Seu quadro como neurose obsessiva tem origem tipicamente na infância, onde em tenra idade já sofria de obsessões ligadas ao medo de acontecer algo a duas pessoas importantes pra ele: seu pai e sua dama. Por acreditar que ele seria o responsável por danos causados a eles, como um castigo diante de seus desejos consumados acreditava então ser um criminoso desprezível, gerando uma culpa que o abatia enormemente. E assim um instinto erótico o envolvia, mas ao mesmo tempo em que o envolvia gerava culpa seguida de revolta pelo mesmo instinto erótico que o envolve e sua impossibilidade de consumação sem que haja sanções. O conteúdo dessa culpa é de origem inconsciente, portanto, é relativamente imutável, o qual deve ser buscado, uma autocensura originaria de princípios morais internos, esses pensamentos involuntários constituíam sua doença.

Freud faz uma analogia classificando-o como uma espécie de Balaão às avessas. Para entendermos essa comparação curiosa temos que nos arremeter ao velho testamento da Bíblia, mais precisamente no livro de Números1 que compreende um dos livros do Pentateuco (TORÁ). O livro narra os dias de Moisés liderando o povo de Israel em sua peregrinação rumo a terra prometida2, quando se deparam com a região dos Moabitas. O rei dos Moabitas, Balaque, temendo uma possível invasão por parte dos israelitas, contrata o profeta Balaão para que amaldiçoasse a Israel com uma derrota diante da guerra eminente. Para os Moabitas o profeta Balaão tinha o poder de amaldiçoar ou abençoar através de suas palavras, tal era a firmeza de suas palavras diante de Deus (pai), o que faria toda a diferença no campo de batalha.

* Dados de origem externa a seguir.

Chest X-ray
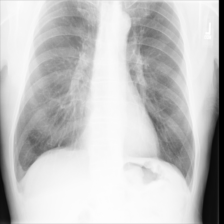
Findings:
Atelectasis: negative
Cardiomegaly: negative
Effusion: negative
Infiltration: negative
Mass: negative
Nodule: negative
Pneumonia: negative
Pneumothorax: negative
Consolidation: negative
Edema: negative
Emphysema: positive
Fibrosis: negative
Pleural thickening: positive
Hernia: negative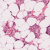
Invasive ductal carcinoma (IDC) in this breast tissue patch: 1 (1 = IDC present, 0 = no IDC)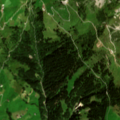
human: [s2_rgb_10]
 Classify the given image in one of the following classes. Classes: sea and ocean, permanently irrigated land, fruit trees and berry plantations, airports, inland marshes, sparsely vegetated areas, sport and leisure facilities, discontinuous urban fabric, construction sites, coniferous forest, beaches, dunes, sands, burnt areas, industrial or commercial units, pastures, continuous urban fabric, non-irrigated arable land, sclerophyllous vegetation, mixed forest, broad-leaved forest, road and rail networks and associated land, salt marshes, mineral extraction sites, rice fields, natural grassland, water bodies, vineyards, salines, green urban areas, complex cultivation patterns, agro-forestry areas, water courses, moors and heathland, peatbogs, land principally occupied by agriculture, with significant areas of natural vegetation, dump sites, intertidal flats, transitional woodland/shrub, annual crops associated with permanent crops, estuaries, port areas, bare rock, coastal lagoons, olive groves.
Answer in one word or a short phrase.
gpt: pastures, mixed forest, natural grassland, sparsely vegetated areas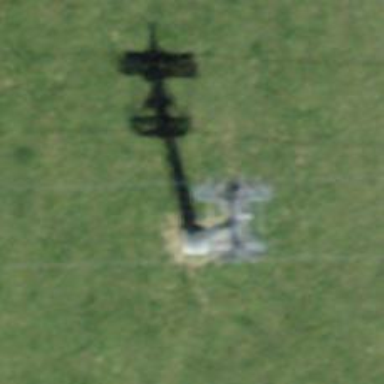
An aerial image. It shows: Pylon used for aerialway.

Já o homem dos ratos, todas as vezes em que orava a Deus, em especial pedindo que abençoasse seu pai e a dama amada, era invadido no meio de sua prece abençoadora por um NÃO “involuntário”, e isso lhe criava pavor, pois tinha medo de sua benção se transformar em maldição. Em sua lógica confusa preferia muitas vezes fazer uma oração amaldiçoadora (seu pai e a dama) para que, em sendo invadido pelo NÃO novamente, sua maldição se converteria em uma suposta benção. No entanto, sabemos que imperava o conflito do amor e ódio quanto ao pai e a dama, o pai era amado enquanto pai, mas odiado como o grande castrador dos seus desejos mais intensos quanto a sua admirada dama, e também um ódio por ela por despertar nele seus desejos, que para ele seriam o estopim do castigo divino sobre ela e seu pai.

A clareza encontrada no profeta Balaão, seja para se posicionar em relação ao sim ou para o não, é impossível de ser encontrada no neurótico obsessivo, pois o conflito é constante em seus pensamentos, posto que a dúvida neurótica clássica se instala entre o amor e ódio com a mesma intensidade veemente em relação ao mesmo objeto.